* _Material supplied_
========================================
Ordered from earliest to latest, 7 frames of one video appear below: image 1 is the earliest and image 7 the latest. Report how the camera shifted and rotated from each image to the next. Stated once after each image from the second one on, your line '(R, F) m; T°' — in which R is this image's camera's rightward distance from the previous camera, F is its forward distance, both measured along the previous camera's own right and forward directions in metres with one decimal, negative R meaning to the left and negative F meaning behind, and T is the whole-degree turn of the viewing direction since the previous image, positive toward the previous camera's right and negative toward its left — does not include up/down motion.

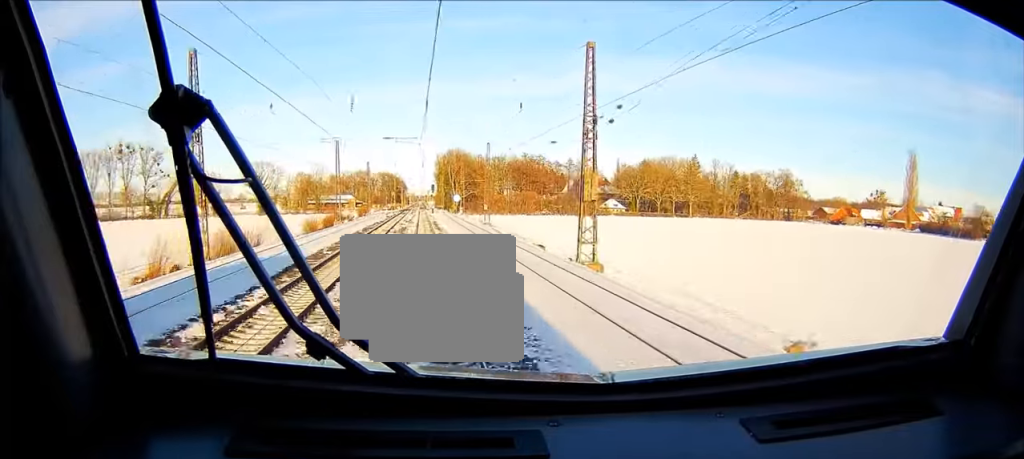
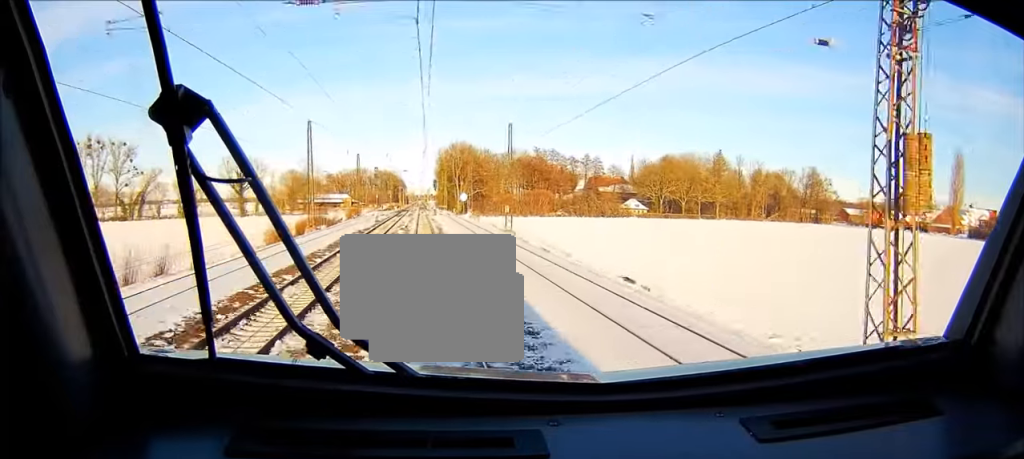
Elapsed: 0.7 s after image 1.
(0.0, +25.8) m; 0°
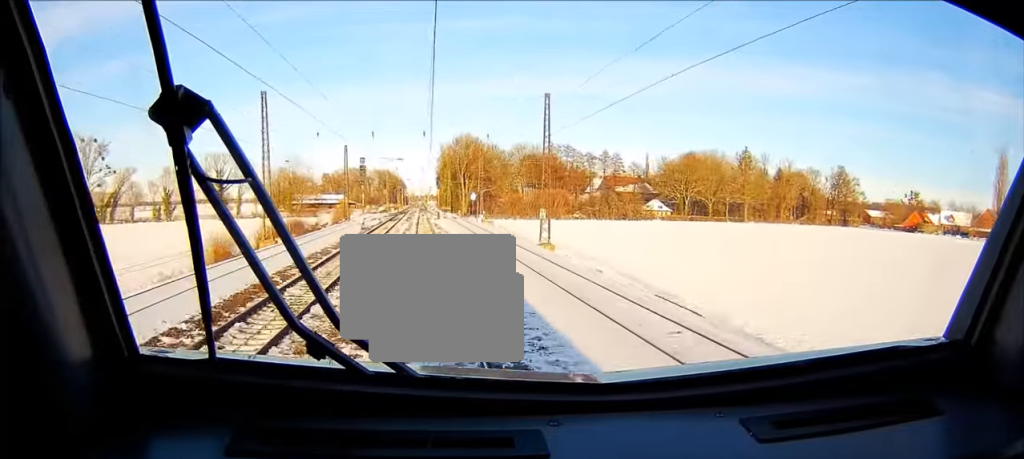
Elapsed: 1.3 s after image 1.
(0.0, +23.2) m; 0°
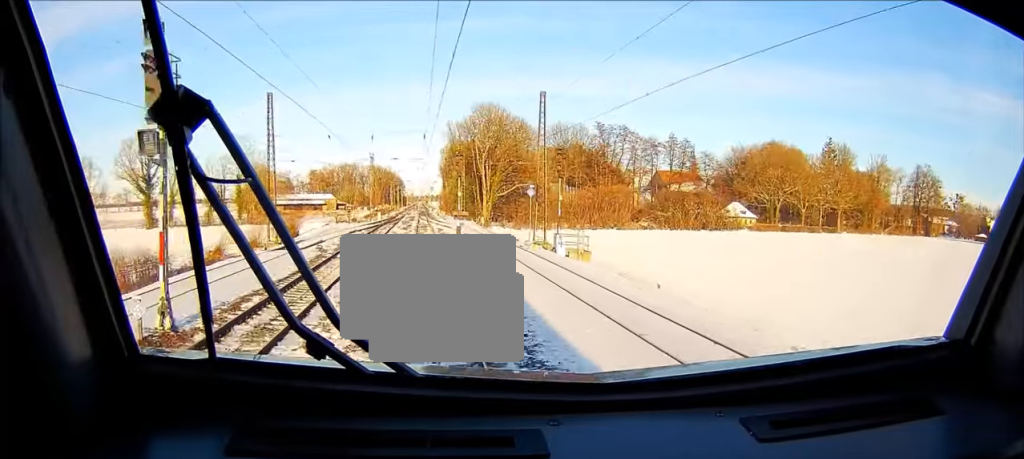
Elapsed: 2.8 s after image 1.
(-0.1, +58.1) m; 0°
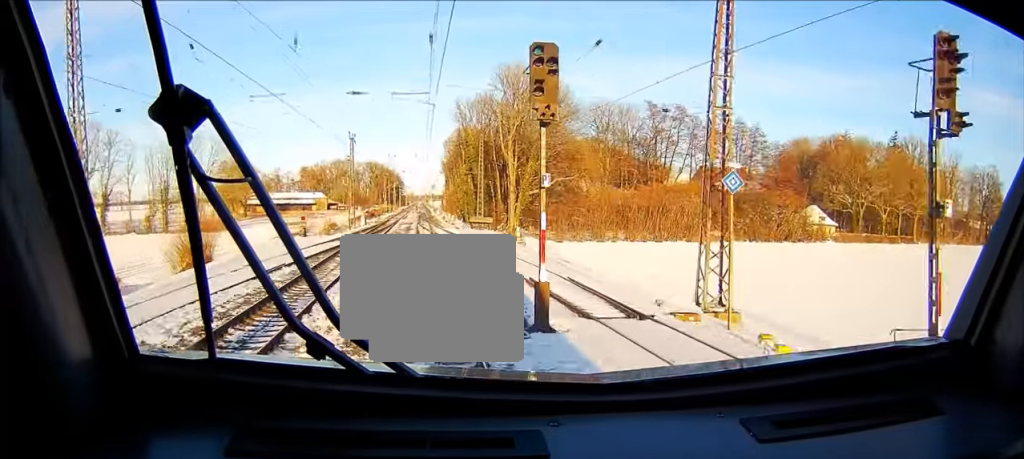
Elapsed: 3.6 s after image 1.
(0.0, +33.5) m; 0°
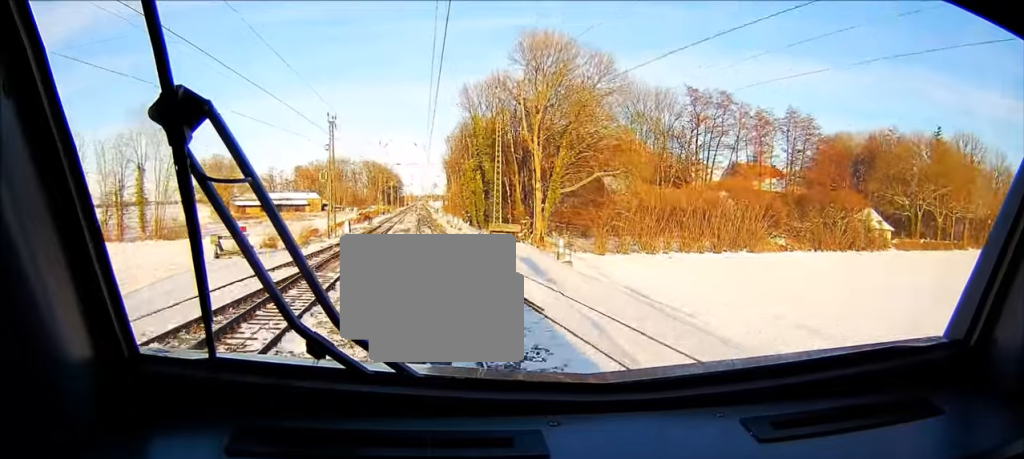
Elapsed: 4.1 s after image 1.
(0.0, +18.1) m; 0°
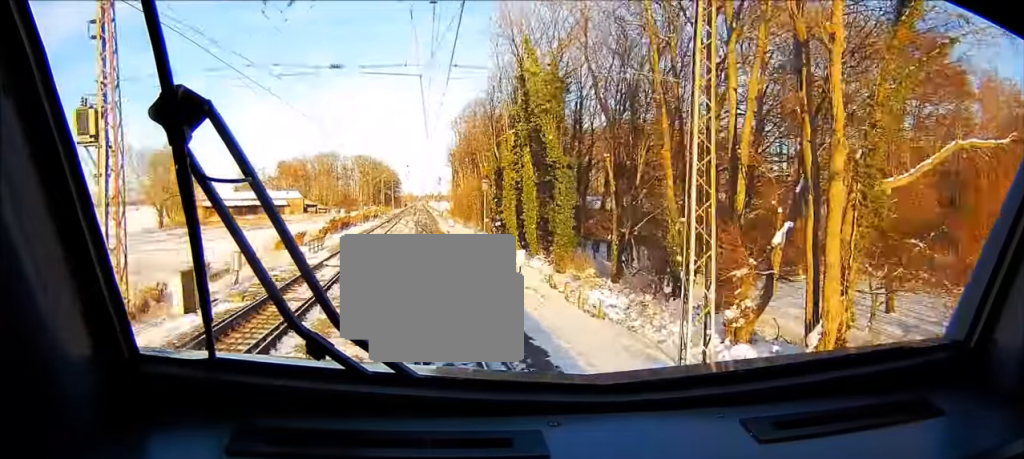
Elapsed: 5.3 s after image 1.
(-0.1, +47.8) m; 0°
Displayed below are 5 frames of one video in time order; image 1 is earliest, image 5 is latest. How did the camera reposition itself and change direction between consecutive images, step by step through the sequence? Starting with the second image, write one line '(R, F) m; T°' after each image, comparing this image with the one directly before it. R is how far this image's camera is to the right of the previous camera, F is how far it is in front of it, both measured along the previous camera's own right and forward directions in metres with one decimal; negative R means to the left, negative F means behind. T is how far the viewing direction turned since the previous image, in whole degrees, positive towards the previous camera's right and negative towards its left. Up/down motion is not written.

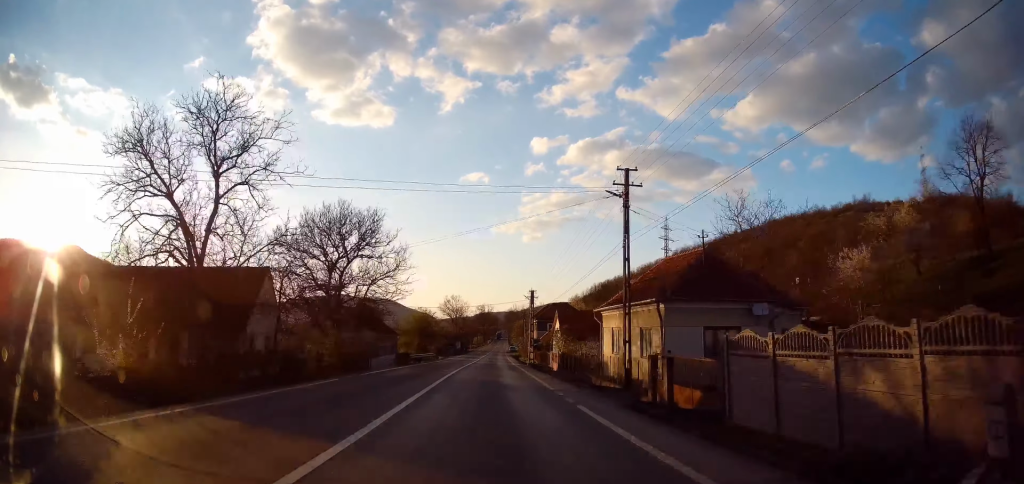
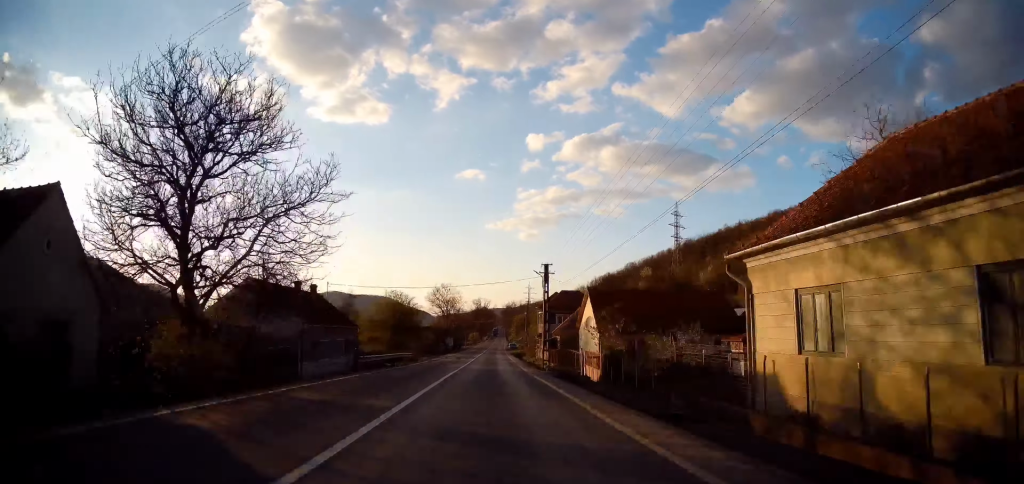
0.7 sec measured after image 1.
(+0.1, +16.8) m; +1°
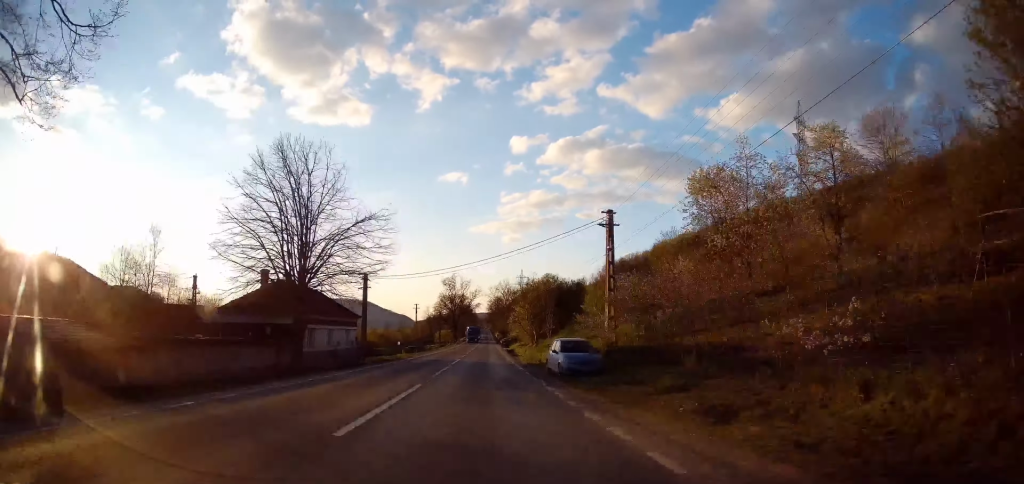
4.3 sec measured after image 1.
(+1.3, +94.0) m; +1°
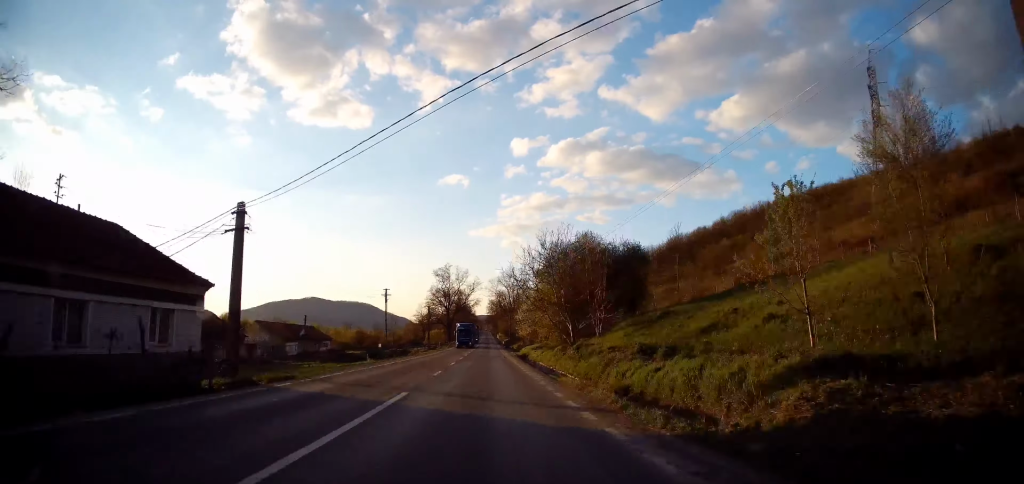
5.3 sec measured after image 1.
(0.0, +26.0) m; 0°
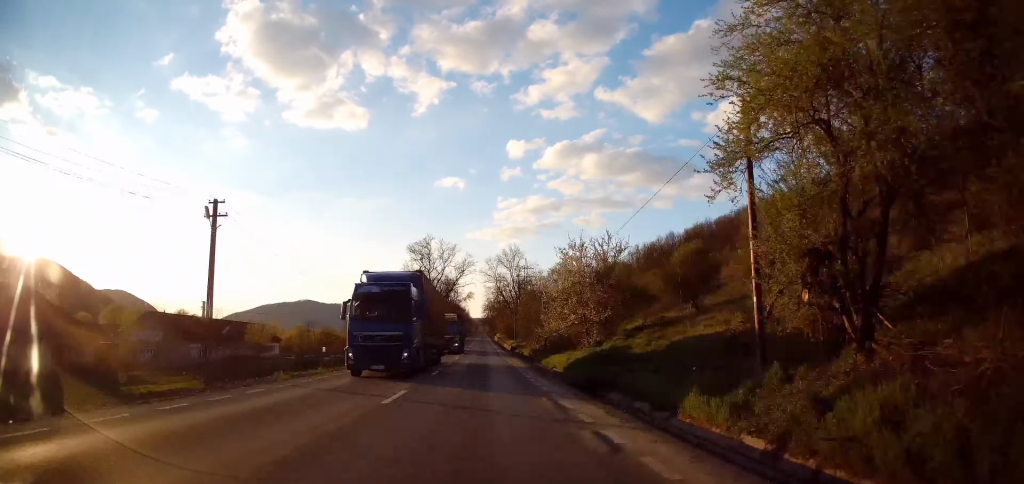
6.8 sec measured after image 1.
(+0.2, +38.3) m; +1°
========================================
Nothing but the records above, exact and without pictures, should appear in the answer.

Ordered from earliest to latest, 7 frames of one video appear below: image 1 is the earliest and image 7 the latest. Report how the camera shifted and rotated from each image to the next. Stated once after each image from the second one on, your line '(R, F) m; T°' — in which R is this image's camera's rightward distance from the previous camera, F is its forward distance, both measured along the previous camera's own right and forward directions in metres with one decimal, negative R meaning to the left and negative F meaning behind, and T is the whole-degree turn of the viewing direction since the previous image, positive toward the previous camera's right and negative toward its left — does not include up/down motion.

Elapsed: 0.7 s after image 1.
(0.0, +25.8) m; 0°
Elapsed: 1.3 s after image 1.
(0.0, +23.2) m; 0°
Elapsed: 2.8 s after image 1.
(-0.1, +58.1) m; 0°
Elapsed: 3.6 s after image 1.
(0.0, +33.5) m; 0°
Elapsed: 4.1 s after image 1.
(0.0, +18.1) m; 0°
Elapsed: 5.3 s after image 1.
(-0.1, +47.8) m; 0°
Displayed below are 5 frames of one video in time order; image 1 is earliest, image 5 is latest. How did the camera reposition itself and change direction between consecutive images, step by step through the sequence? Starting with the second image, write one line '(R, F) m; T°' after each image, comparing this image with the one directly before it. R is how far this image's camera is to the right of the previous camera, F is how far it is in front of it, both measured along the previous camera's own right and forward directions in metres with one decimal; negative R means to the left, negative F means behind. T is how far the viewing direction turned since the previous image, in whole degrees, positive towards the previous camera's right and negative towards its left. Up/down motion is not written.

0.7 sec measured after image 1.
(+0.1, +16.8) m; +1°
4.3 sec measured after image 1.
(+1.3, +94.0) m; +1°
5.3 sec measured after image 1.
(0.0, +26.0) m; 0°
6.8 sec measured after image 1.
(+0.2, +38.3) m; +1°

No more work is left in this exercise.